* _EXERCISE REQUIREMENTS_
A faithful copy of every entry is the goal; keep the images out of it.

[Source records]
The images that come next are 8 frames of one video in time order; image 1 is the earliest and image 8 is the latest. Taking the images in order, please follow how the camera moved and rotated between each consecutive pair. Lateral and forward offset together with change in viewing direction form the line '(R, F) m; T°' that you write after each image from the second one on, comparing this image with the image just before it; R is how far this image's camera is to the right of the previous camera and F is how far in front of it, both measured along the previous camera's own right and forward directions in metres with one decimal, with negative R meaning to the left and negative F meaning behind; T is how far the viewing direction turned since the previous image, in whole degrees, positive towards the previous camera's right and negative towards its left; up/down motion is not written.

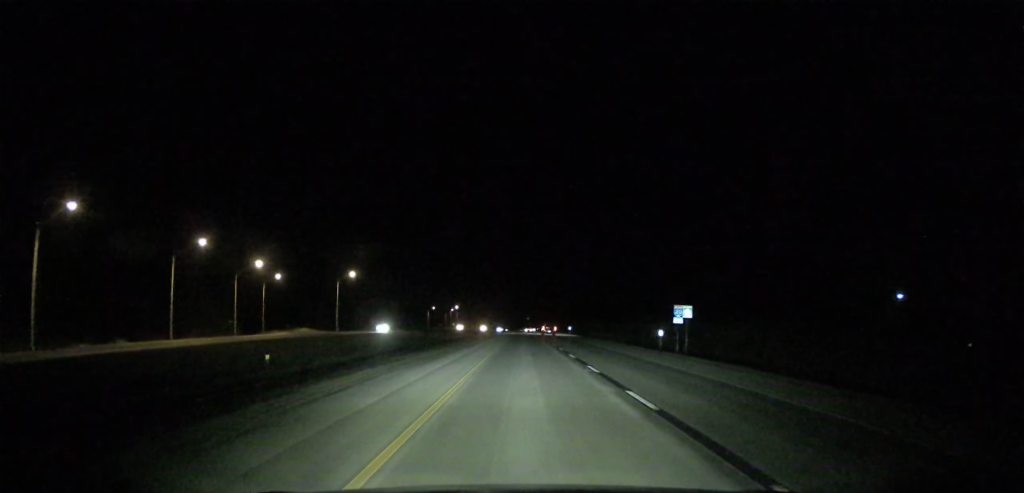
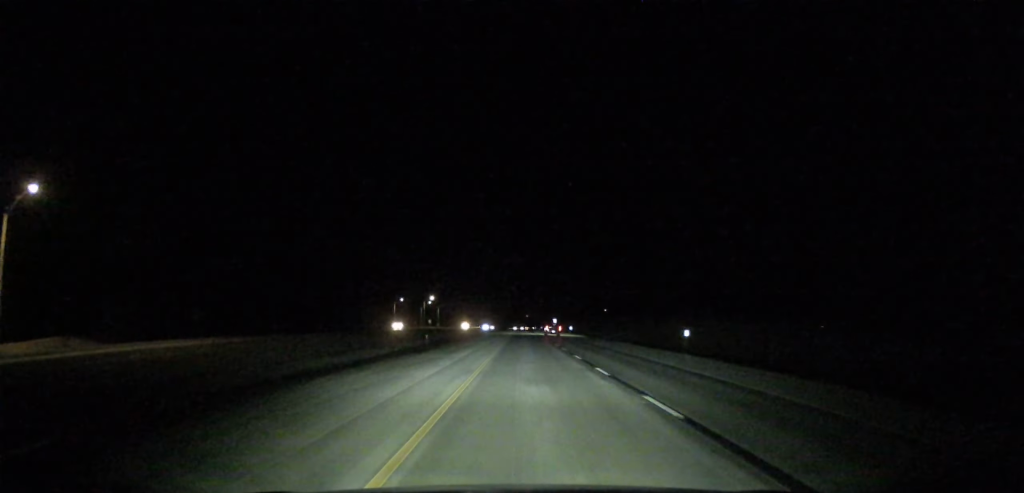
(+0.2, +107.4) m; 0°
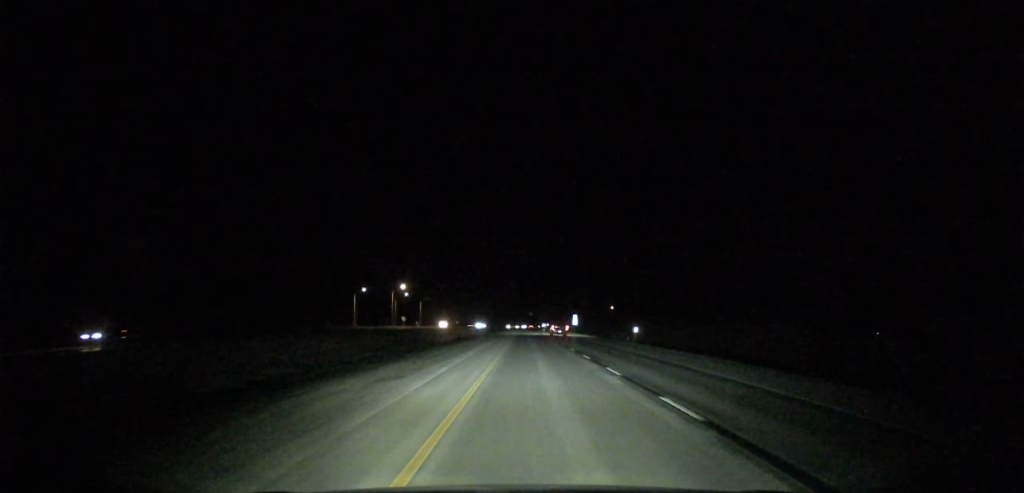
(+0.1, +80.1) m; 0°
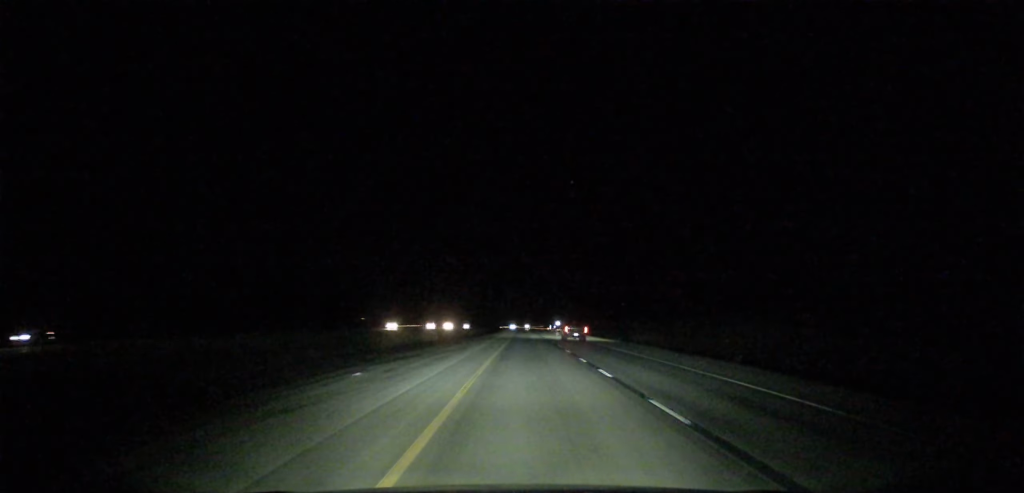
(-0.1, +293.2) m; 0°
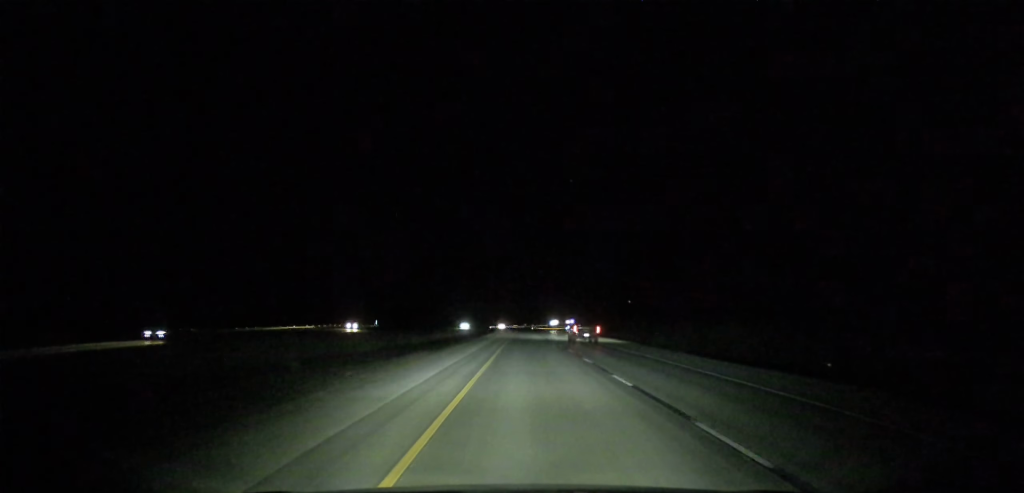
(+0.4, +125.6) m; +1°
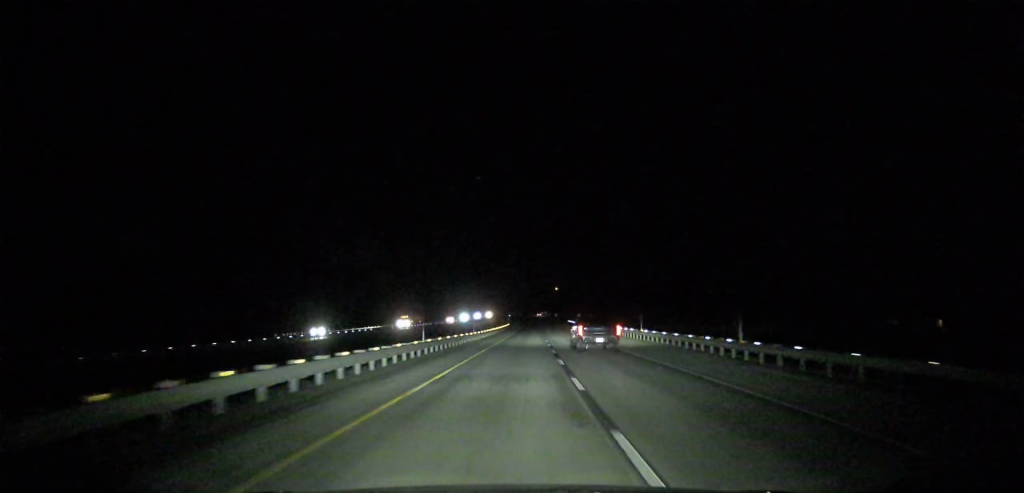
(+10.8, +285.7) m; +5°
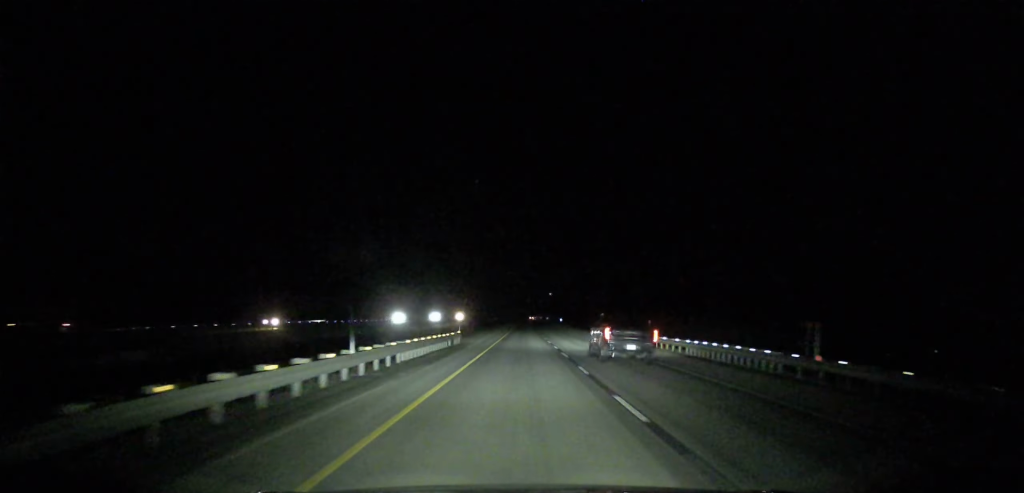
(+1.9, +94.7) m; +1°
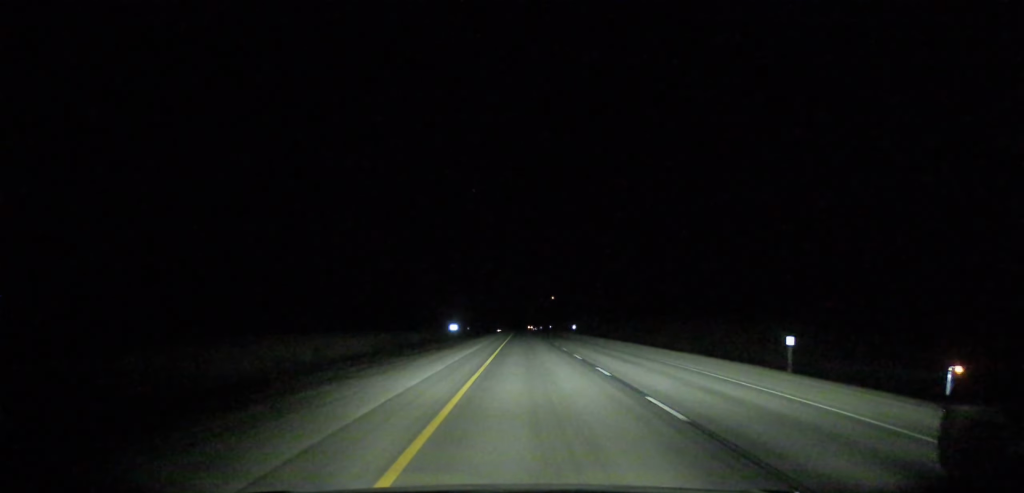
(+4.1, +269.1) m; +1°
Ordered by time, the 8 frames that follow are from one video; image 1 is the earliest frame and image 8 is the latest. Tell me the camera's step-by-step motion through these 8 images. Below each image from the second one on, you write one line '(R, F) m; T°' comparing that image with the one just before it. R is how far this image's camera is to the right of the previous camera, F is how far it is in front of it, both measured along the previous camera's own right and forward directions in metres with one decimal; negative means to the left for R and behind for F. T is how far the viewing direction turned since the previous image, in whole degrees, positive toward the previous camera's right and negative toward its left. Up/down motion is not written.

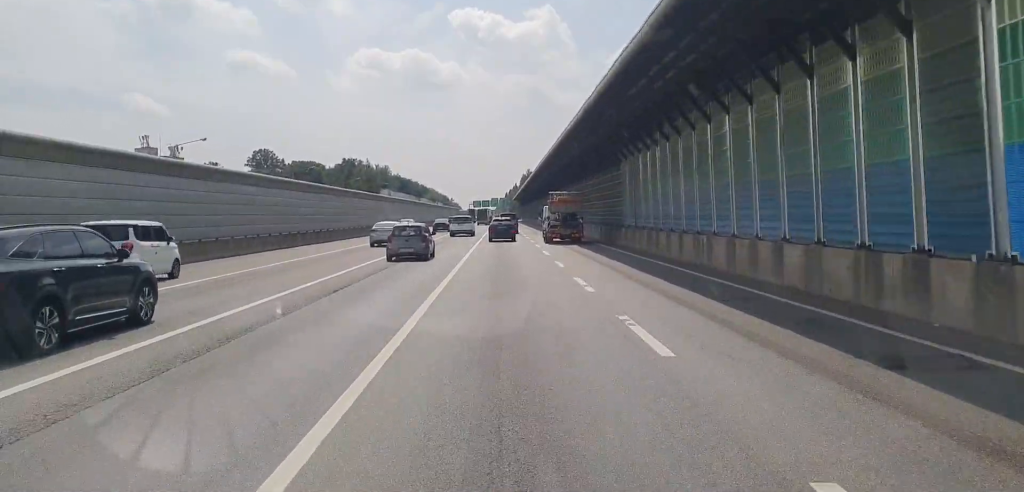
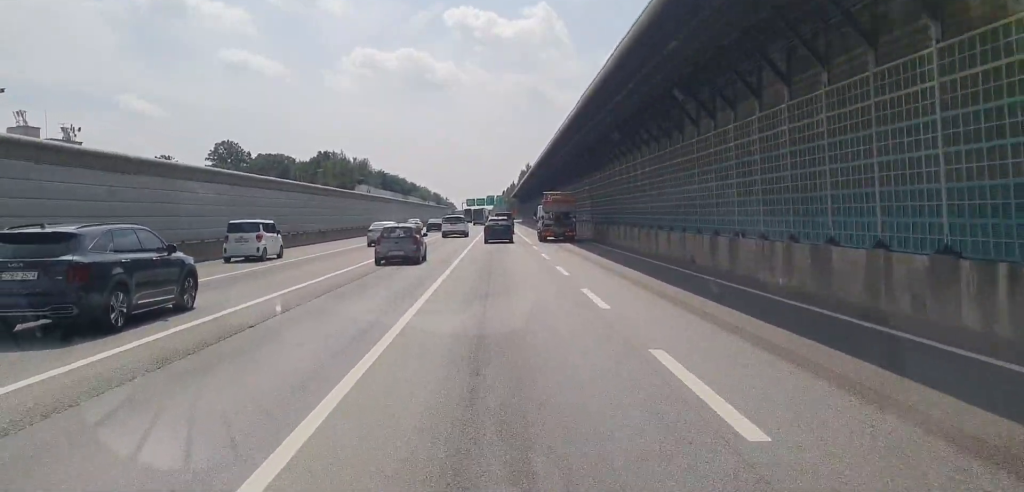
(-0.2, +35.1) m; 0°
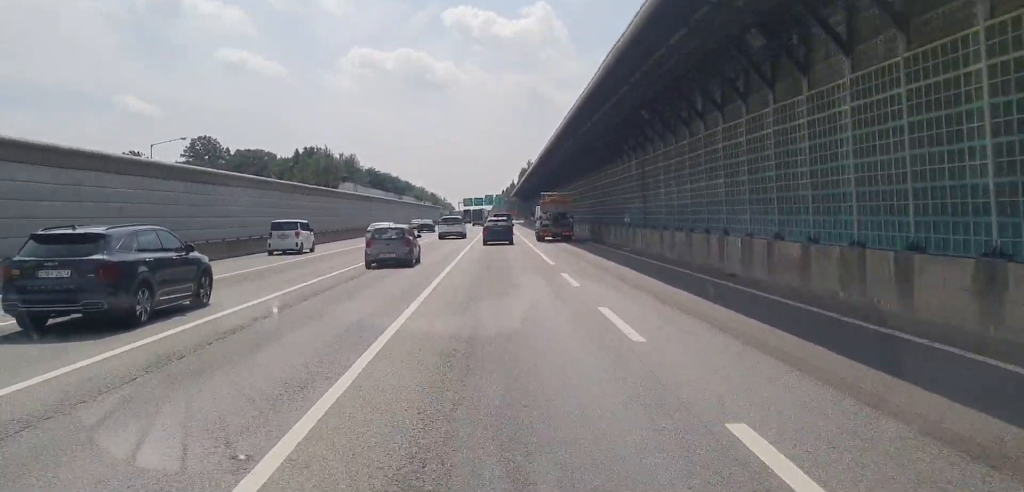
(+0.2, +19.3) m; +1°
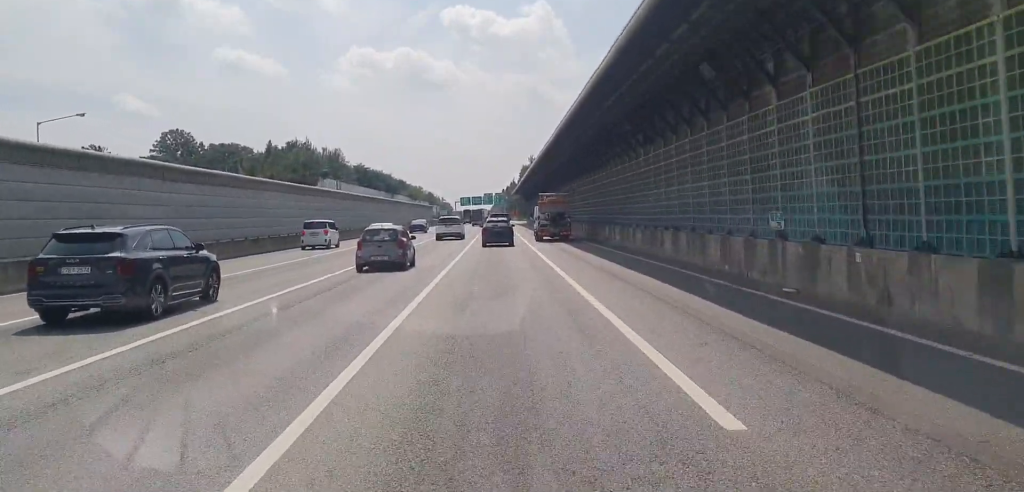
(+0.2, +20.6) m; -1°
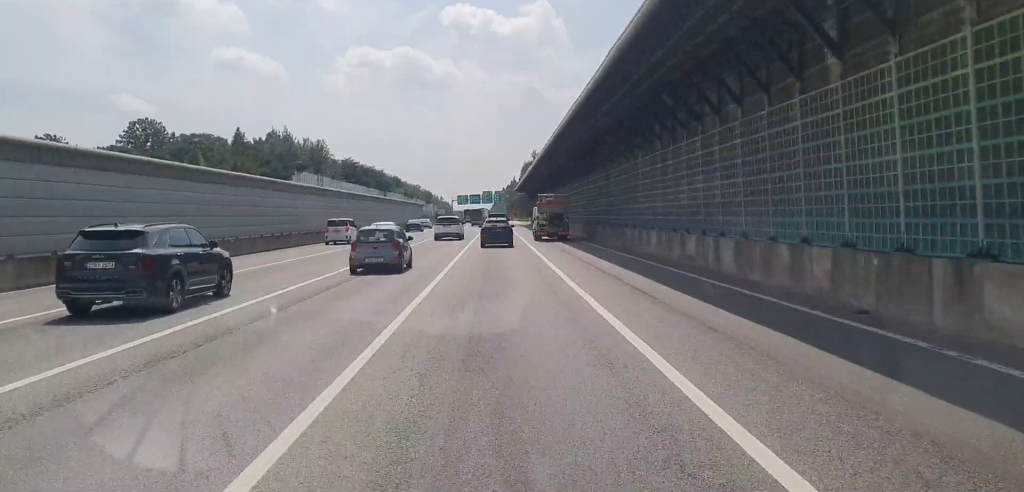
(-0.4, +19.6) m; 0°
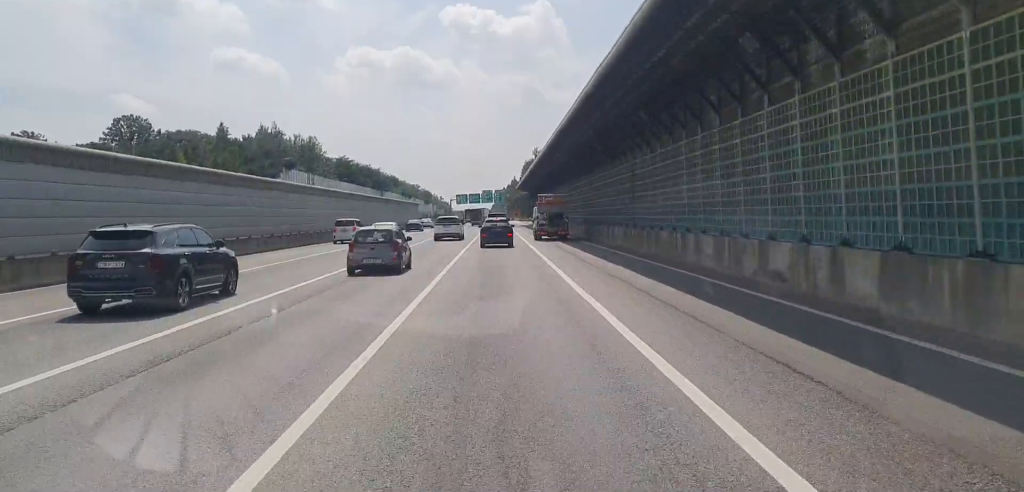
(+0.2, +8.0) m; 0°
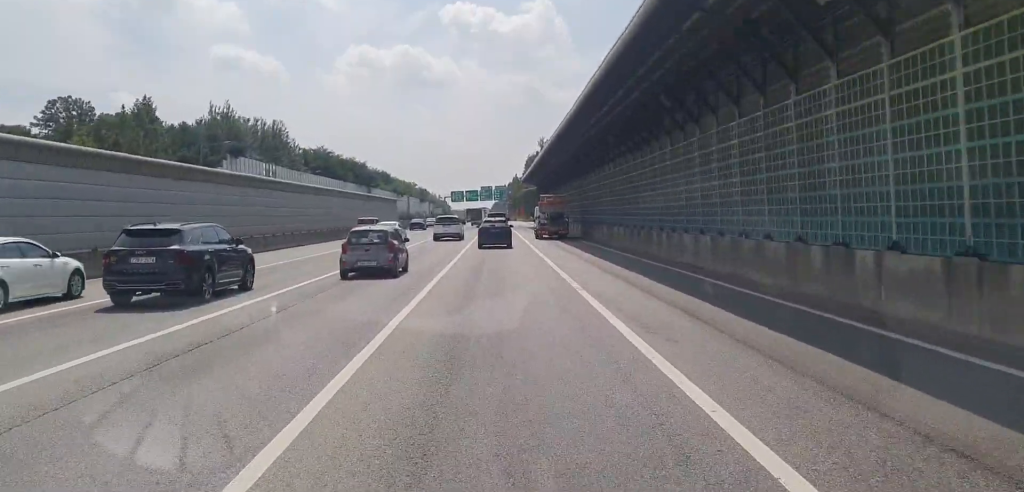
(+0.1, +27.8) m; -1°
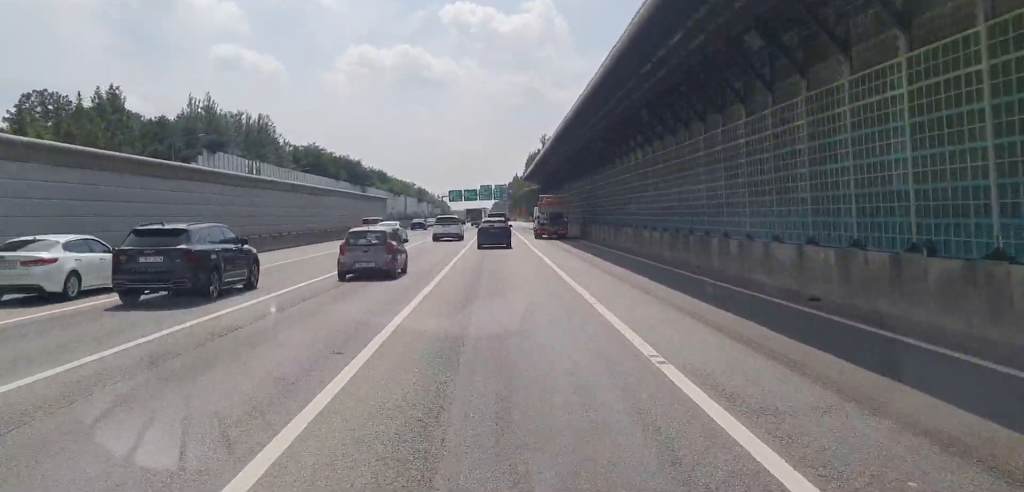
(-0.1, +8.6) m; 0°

* _SOLUTION TO THE EXERCISE_
The images that come next are 8 frames of one video in time order; image 1 is the earliest and image 8 is the latest. Taking the images in order, please follow how the camera moved and rotated between each consecutive pair. Lateral and forward offset together with change in viewing direction form the line '(R, F) m; T°' that you write after each image from the second one on, comparing this image with the image just before it; R is how far this image's camera is to the right of the previous camera and F is how far in front of it, both measured along the previous camera's own right and forward directions in metres with one decimal, with negative R meaning to the left and negative F meaning behind; T is how far the viewing direction turned since the previous image, in whole degrees, positive towards the previous camera's right and negative towards its left; up/down motion is not written.

(+0.2, +107.4) m; 0°
(+0.1, +80.1) m; 0°
(-0.1, +293.2) m; 0°
(+0.4, +125.6) m; +1°
(+10.8, +285.7) m; +5°
(+1.9, +94.7) m; +1°
(+4.1, +269.1) m; +1°
Ordered by time, the 8 frames that follow are from one video; image 1 is the earliest frame and image 8 is the latest. Tell me the camera's step-by-step motion through these 8 images. Below each image from the second one on, you write one line '(R, F) m; T°' comparing that image with the one just before it. R is how far this image's camera is to the right of the previous camera, F is how far it is in front of it, both measured along the previous camera's own right and forward directions in metres with one decimal; negative means to the left for R and behind for F. T is how far the viewing direction turned since the previous image, in whole degrees, positive toward the previous camera's right and negative toward its left. Up/down motion is not written.

(-0.2, +35.1) m; 0°
(+0.2, +19.3) m; +1°
(+0.2, +20.6) m; -1°
(-0.4, +19.6) m; 0°
(+0.2, +8.0) m; 0°
(+0.1, +27.8) m; -1°
(-0.1, +8.6) m; 0°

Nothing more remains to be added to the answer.